Companies using Recall’s API and infrastructure do not need to build this infrastructure themselves, meaning they can deploy new AI-based products and features quickly and cost-effectively, Gu explained, comparing this to how businesses can leverage cloud computing infrastructure like AWS to scale its web applications. Recall.ai aims to provide a common infrastructure for every business that needs to access and apply AI to conversations, he added.

“Recall.ai provides the infrastructure layer that many of these companies rely on, similar to how these companies use AWS,” he suggested. “We have no competitors because no other company offers the same service, namely a development infrastructure to capture and process meeting data.”
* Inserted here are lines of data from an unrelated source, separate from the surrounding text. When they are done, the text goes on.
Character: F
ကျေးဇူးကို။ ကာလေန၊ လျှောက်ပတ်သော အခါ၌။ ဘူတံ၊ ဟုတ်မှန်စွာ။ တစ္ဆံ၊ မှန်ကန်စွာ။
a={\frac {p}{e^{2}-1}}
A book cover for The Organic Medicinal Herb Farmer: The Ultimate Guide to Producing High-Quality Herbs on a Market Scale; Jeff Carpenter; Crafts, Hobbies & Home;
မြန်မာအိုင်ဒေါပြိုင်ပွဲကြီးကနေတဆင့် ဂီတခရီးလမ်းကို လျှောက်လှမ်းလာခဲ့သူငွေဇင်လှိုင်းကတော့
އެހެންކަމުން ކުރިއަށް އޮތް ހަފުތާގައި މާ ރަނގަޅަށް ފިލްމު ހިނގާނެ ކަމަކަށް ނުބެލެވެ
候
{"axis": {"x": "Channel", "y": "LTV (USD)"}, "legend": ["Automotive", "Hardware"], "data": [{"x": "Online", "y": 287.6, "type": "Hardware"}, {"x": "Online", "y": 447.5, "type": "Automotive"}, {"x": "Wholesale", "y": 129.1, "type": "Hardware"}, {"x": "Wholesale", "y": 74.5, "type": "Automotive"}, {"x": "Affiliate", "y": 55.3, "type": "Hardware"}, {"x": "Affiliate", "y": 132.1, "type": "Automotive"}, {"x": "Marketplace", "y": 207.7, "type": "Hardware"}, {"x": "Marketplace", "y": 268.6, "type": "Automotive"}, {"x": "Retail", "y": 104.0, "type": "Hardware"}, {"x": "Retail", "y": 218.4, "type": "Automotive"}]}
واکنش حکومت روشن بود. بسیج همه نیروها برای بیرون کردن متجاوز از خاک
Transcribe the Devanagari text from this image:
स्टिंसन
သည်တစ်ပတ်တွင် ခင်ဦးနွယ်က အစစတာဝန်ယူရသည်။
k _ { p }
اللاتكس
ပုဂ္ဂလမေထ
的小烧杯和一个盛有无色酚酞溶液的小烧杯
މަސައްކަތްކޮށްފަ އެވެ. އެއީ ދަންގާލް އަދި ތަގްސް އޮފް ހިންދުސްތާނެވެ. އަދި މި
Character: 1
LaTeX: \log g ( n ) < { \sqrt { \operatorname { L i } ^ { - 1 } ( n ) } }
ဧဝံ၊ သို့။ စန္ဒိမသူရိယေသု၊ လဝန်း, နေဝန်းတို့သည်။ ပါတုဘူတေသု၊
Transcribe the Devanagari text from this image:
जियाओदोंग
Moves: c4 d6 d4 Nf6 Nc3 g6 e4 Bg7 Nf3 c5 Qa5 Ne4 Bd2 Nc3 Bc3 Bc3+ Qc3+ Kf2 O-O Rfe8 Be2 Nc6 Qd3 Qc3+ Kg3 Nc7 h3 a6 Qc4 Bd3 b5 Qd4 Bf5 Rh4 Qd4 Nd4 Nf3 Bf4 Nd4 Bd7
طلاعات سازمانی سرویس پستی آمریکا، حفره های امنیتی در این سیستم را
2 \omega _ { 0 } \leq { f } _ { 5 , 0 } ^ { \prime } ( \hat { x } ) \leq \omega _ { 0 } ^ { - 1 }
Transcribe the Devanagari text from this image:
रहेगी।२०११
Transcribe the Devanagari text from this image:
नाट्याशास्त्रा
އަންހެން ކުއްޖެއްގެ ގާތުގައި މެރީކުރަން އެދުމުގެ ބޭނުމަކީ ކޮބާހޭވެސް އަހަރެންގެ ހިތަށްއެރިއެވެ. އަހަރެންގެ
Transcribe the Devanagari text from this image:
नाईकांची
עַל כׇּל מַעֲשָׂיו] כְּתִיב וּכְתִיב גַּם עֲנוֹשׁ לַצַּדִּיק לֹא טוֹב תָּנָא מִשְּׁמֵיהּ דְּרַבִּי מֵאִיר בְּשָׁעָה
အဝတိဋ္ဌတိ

Co-founders of Recall.ai: Amanda Zhu and David Gu

Regulatory-wise, Recall.ai says it is SOC2, GDPR, CCPA, and HIPAA compliant and has no military or government contracts. Audio and video recordings are retained for up to seven days, after which they are automatically deleted.

“We also provide an API endpoint for users to delete data immediately at any time if they want to minimize the duration of data storage,” Gu said.

The startup generates revenue by charging per hour of audio and video processed through its APIs. In less than two years, Recall.ai has seen its annual revenue grow from zero to several million dollars, Gu noted, saying it now has more than 300 enterprise clients that collectively bring in “millions” of users.

Over the past 12 months, the company has seen its turnover increase 10-fold, he also told us.

Ridge Ventures led the Series A with Industry Ventures, Y Combinator, IrregEx, Bungalow Capital, Hack VC and other existing investors.